**PROBLEM STATEMENT:** A bare number is the only acceptable answer: how many lines of these entries include "outdoors"?

Extracted data entries:
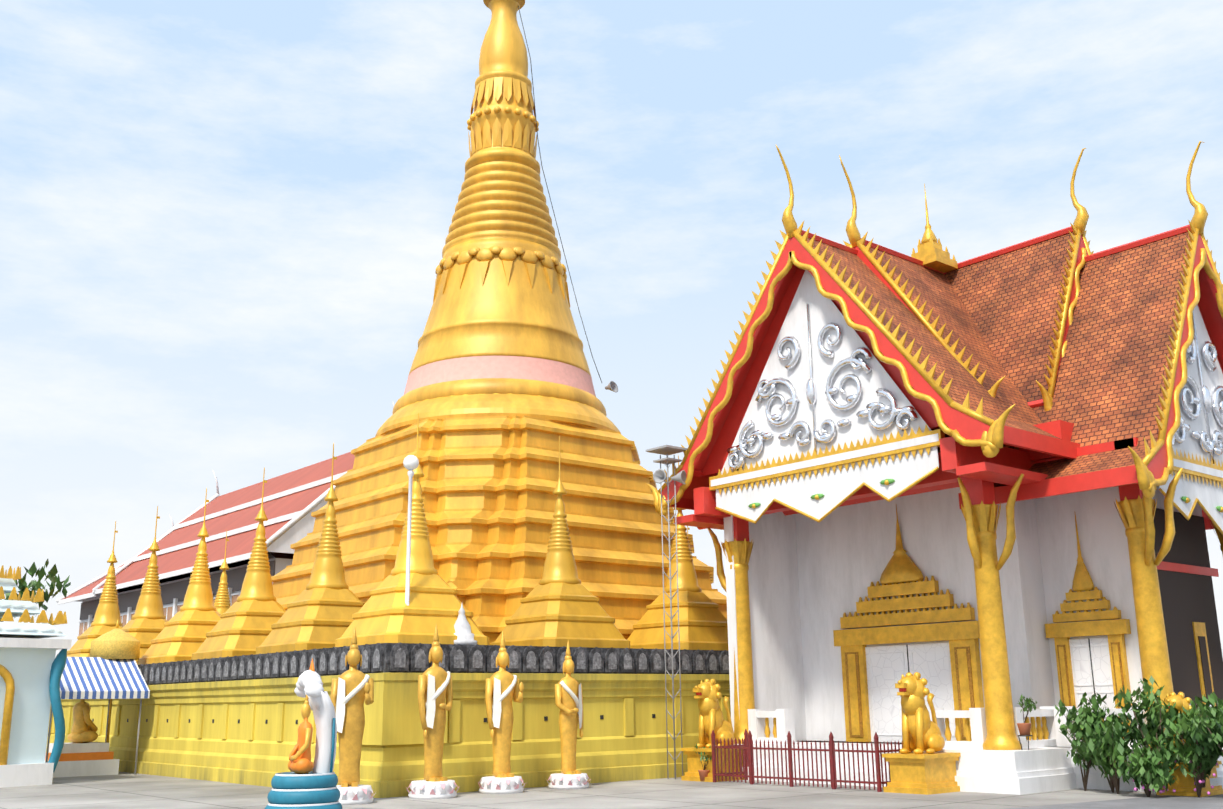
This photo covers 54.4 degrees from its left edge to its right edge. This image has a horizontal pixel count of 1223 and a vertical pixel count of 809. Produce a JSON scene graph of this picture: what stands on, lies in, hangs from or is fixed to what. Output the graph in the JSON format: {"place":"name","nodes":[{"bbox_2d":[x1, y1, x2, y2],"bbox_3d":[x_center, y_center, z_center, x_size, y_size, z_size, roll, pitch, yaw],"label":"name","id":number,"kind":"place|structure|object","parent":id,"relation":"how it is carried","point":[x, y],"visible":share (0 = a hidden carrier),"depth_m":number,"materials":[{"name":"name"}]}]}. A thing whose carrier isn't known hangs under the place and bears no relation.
{"place":"outdoors","nodes":[
{"label":"outdoors","id":0,"kind":"place"},
{"bbox_2d":[0,772,1165,808],"bbox_3d":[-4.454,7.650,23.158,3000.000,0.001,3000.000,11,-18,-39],"label":"ground","id":1,"kind":"structure","parent":0,"point":[123,790],"depth_m":22.45,"materials":[{"name":"concrete"}]},
{"bbox_2d":[0,559,70,621],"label":"tree","id":2,"kind":"object","parent":1,"relation":"on","point":[35,585],"visible":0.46,"depth_m":36.40,"materials":[{"name":"green plant"}]},
{"bbox_2d":[0,565,71,787],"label":"shrine","id":3,"kind":"object","parent":1,"relation":"on","point":[32,667],"visible":1,"depth_m":28.61,"materials":[{"name":"white paint"}]},
{"bbox_2d":[45,657,149,777],"bbox_3d":[-14.640,8.579,32.823,2.600,3.150,3.005,11,-18,-39],"label":"shrine","id":4,"kind":"object","parent":1,"relation":"on","point":[82,679],"visible":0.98,"depth_m":32.33,"materials":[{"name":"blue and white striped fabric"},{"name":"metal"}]},
{"bbox_2d":[90,620,140,742],"bbox_3d":[-14.221,8.255,33.820,1.320,4.250,1.320,11,-18,-39],"label":"gold umbrella","id":5,"kind":"object","parent":1,"relation":"on","point":[116,643],"visible":0.9,"depth_m":33.66,"materials":[{"name":"paint"}]},
{"bbox_2d":[56,401,393,650],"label":"building","id":6,"kind":"structure","parent":1,"relation":"on","point":[292,500],"depth_m":53.50,"materials":[{"name":"red tile"}]},
{"bbox_2d":[265,658,341,808],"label":"naga buddha statue","id":7,"kind":"object","parent":1,"relation":"on","point":[305,783],"visible":1,"depth_m":19.20,"materials":[{"name":"teal paint"}]},
{"bbox_2d":[330,627,374,804],"bbox_3d":[-4.868,5.780,22.269,1.040,3.210,1.014,3,-15,-15],"label":"standing buddha","id":8,"kind":"object","parent":1,"relation":"on","point":[352,688],"visible":0.94,"depth_m":22.09,"materials":[{"name":"gold metal"}]},
{"bbox_2d":[46,642,730,797],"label":"platform","id":9,"kind":"structure","parent":1,"relation":"on","point":[236,719],"depth_m":27.11,"materials":[{"name":"gold"}]},
{"bbox_2d":[67,521,122,656],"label":"stupa","id":10,"kind":"object","parent":9,"relation":"on","point":[107,616],"visible":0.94,"depth_m":40.98,"materials":[{"name":"gold metal"}]},
{"bbox_2d":[121,506,167,662],"bbox_3d":[-14.886,5.860,38.469,2.560,5.265,2.560,10,-18,-37],"label":"stupa","id":11,"kind":"object","parent":9,"relation":"on","point":[144,626],"visible":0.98,"depth_m":37.95,"materials":[{"name":"gold metal"}]},
{"bbox_2d":[137,488,220,664],"bbox_3d":[-12.255,5.074,35.465,2.560,5.265,2.560,11,-18,-39],"label":"stupa","id":12,"kind":"object","parent":9,"relation":"on","point":[191,623],"visible":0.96,"depth_m":34.62,"materials":[{"name":"gold metal"}]},
{"bbox_2d":[214,531,230,613],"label":"stupa","id":13,"kind":"object","parent":9,"relation":"on","point":[222,603],"visible":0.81,"depth_m":43.95,"materials":[{"name":"gold metal"}]},
{"bbox_2d":[191,467,285,659],"bbox_3d":[-9.625,4.288,32.460,2.560,5.265,2.560,10,-18,-37],"label":"stupa","id":14,"kind":"object","parent":9,"relation":"on","point":[253,613],"visible":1,"depth_m":31.59,"materials":[{"name":"gold metal"}]},
{"bbox_2d":[256,443,364,653],"bbox_3d":[-6.994,3.502,29.456,2.560,5.265,2.560,11,-18,-39],"label":"stupa","id":15,"kind":"object","parent":9,"relation":"on","point":[325,605],"visible":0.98,"depth_m":28.55,"materials":[{"name":"gold metal"}]},
{"bbox_2d":[403,455,418,605],"bbox_3d":[-4.304,3.049,25.238,0.340,4.030,0.340,11,-18,-39],"label":"lamp post","id":16,"kind":"object","parent":9,"relation":"on","point":[410,463],"visible":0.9,"depth_m":25.39,"materials":[{"name":"white metal"}]},
{"bbox_2d":[335,412,488,646],"bbox_3d":[-4.364,2.716,26.451,2.560,5.265,2.560,11,-18,-38],"label":"stupa","id":17,"kind":"object","parent":9,"relation":"on","point":[385,613],"visible":0.85,"depth_m":25.47,"materials":[{"name":"gold metal"}]},
{"bbox_2d":[454,604,476,644],"bbox_3d":[-3.206,4.685,25.433,0.672,0.920,0.672,11,-18,-39],"label":"small white stupa","id":18,"kind":"object","parent":9,"relation":"on","point":[463,633],"visible":0.85,"depth_m":25.23,"materials":[{"name":"white paint"}]},
{"bbox_2d":[271,0,726,644],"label":"stupa","id":19,"kind":"object","parent":9,"relation":"on","point":[497,400],"visible":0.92,"depth_m":35.61,"materials":[{"name":"gold metal"}]},
{"bbox_2d":[490,435,629,647],"bbox_3d":[-1.258,3.312,29.014,2.560,5.265,2.560,10,-18,-38],"label":"stupa","id":20,"kind":"object","parent":9,"relation":"on","point":[560,606],"visible":1,"depth_m":28.02,"materials":[{"name":"gold metal"}]},
{"bbox_2d":[627,455,727,650],"bbox_3d":[1.847,3.908,31.577,2.560,5.265,2.560,11,-18,-40],"label":"stupa","id":21,"kind":"object","parent":9,"relation":"on","point":[703,624],"visible":0.69,"depth_m":30.56,"materials":[{"name":"gold metal"}]},
{"bbox_2d":[407,623,458,799],"bbox_3d":[-3.469,5.970,23.308,1.044,3.306,1.071,-14,-19,42],"label":"standing buddha","id":22,"kind":"object","parent":1,"relation":"on","point":[435,687],"visible":1,"depth_m":23.05,"materials":[{"name":"gold metal"}]},
{"bbox_2d":[478,632,526,793],"bbox_3d":[-2.242,6.268,24.373,1.040,3.210,1.014,9,-17,-34],"label":"standing buddha","id":23,"kind":"object","parent":1,"relation":"on","point":[503,688],"visible":1,"depth_m":24.14,"materials":[{"name":"gold metal"}]},
{"bbox_2d":[547,641,590,788],"bbox_3d":[-0.917,6.568,25.319,0.988,3.050,0.963,13,-19,-43],"label":"standing buddha","id":24,"kind":"object","parent":1,"relation":"on","point":[568,697],"visible":1,"depth_m":25.10,"materials":[{"name":"gold metal"}]},
{"bbox_2d":[646,445,687,778],"bbox_3d":[1.413,4.839,28.219,0.847,7.745,0.847,11,-18,-39],"label":"speaker mast","id":25,"kind":"object","parent":1,"relation":"on","point":[659,476],"visible":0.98,"depth_m":28.58,"materials":[{"name":"grey"}]},
{"bbox_2d":[694,744,711,780],"bbox_3d":[2.064,7.955,26.432,0.536,0.777,0.438,3,-14,-13],"label":"pot plant","id":26,"kind":"object","parent":1,"relation":"on","point":[703,773],"visible":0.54,"depth_m":26.33,"materials":[{"name":"green plant"}]},
{"bbox_2d":[681,679,744,781],"bbox_3d":[2.350,7.395,27.123,1.220,2.229,1.000,11,-18,-39],"label":"lion","id":27,"kind":"object","parent":1,"relation":"on","point":[709,695],"visible":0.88,"depth_m":26.92},
{"bbox_2d":[711,729,911,791],"bbox_3d":[4.094,7.391,24.892,1.125,1.110,4.525,11,-18,-39],"label":"fence","id":28,"kind":"object","parent":1,"relation":"on","point":[747,747],"visible":0.96,"depth_m":24.44,"materials":[{"name":"red metal"}]},
{"bbox_2d":[882,672,960,794],"bbox_3d":[5.970,6.314,22.989,1.220,2.229,1.000,11,-18,-39],"label":"lion","id":29,"kind":"object","parent":1,"relation":"on","point":[929,771],"visible":0.98,"depth_m":22.70},
{"bbox_2d":[646,141,1222,794],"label":"temple","id":30,"kind":"structure","parent":1,"relation":"on","point":[982,493],"depth_m":26.29,"materials":[{"name":"white paint"}]},
{"bbox_2d":[1017,694,1036,749],"bbox_3d":[7.949,6.428,22.736,0.398,1.836,0.375,6,-15,-25],"label":"pot plant","id":31,"kind":"object","parent":30,"relation":"on","point":[1024,728],"visible":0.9,"depth_m":22.68,"materials":[{"name":"green plant"}]},
{"bbox_2d":[1055,692,1113,790],"bbox_3d":[8.964,6.345,22.399,1.231,1.815,0.963,11,-18,-39],"label":"bush","id":32,"kind":"object","parent":1,"relation":"on","point":[1079,757],"visible":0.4,"depth_m":22.38,"materials":[{"name":"green plant"}]},
{"bbox_2d":[1069,706,1135,792],"bbox_3d":[9.147,6.389,22.100,0.932,1.578,1.268,11,-18,-39],"label":"bush","id":33,"kind":"object","parent":1,"relation":"on","point":[1097,723],"visible":0.17,"depth_m":22.14,"materials":[{"name":"green plant"}]},
{"bbox_2d":[1072,716,1141,793],"bbox_3d":[9.054,6.412,21.780,1.245,1.383,1.200,11,-18,-39],"label":"bush","id":34,"kind":"object","parent":1,"relation":"on","point":[1099,747],"visible":0.83,"depth_m":21.58,"materials":[{"name":"green plant"}]},
{"bbox_2d":[1108,736,1180,796],"bbox_3d":[9.373,6.378,20.952,0.992,1.048,1.272,11,-18,-39],"label":"bush","id":35,"kind":"object","parent":1,"relation":"on","point":[1149,769],"visible":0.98,"depth_m":20.74,"materials":[{"name":"green plant"}]},
{"bbox_2d":[1112,676,1178,761],"bbox_3d":[9.784,5.994,21.612,1.331,2.091,1.267,11,-18,-39],"label":"bush","id":36,"kind":"object","parent":1,"relation":"on","point":[1146,732],"visible":0.65,"depth_m":21.62,"materials":[{"name":"green plant"}]},
{"bbox_2d":[0,0,1222,656],"label":"sky","id":37,"kind":"structure","parent":0,"point":[225,224],"materials":[{"name":"blue"}]},
{"bbox_2d":[1007,794,1222,808],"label":"pavement","id":38,"kind":"structure","parent":0,"point":[1182,802],"depth_m":19.46,"materials":[{"name":"concrete"}]},
{"bbox_2d":[1151,712,1222,787],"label":"bush","id":39,"kind":"object","parent":38,"relation":"on","point":[1178,743],"visible":0.35,"depth_m":20.83,"materials":[{"name":"green plant"}]},
{"bbox_2d":[1156,692,1222,796],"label":"lion","id":40,"kind":"object","parent":38,"relation":"on","point":[1185,786],"visible":0.38,"depth_m":21.09,"materials":[{"name":"gold metal"}]},
{"bbox_2d":[1163,692,1222,796],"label":"bush","id":41,"kind":"object","parent":38,"relation":"on","point":[1204,746],"visible":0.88,"depth_m":20.54,"materials":[{"name":"green plant"}]},
{"bbox_2d":[1187,702,1222,764],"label":"bush","id":42,"kind":"object","parent":38,"relation":"on","point":[1198,735],"visible":1,"depth_m":20.16,"materials":[{"name":"green plant"}]},
{"bbox_2d":[1201,698,1222,747],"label":"bush","id":43,"kind":"object","parent":38,"relation":"on","point":[1220,702],"visible":0.04,"depth_m":21.21,"materials":[{"name":"green plant"}]}
]}

**REPLY:** 2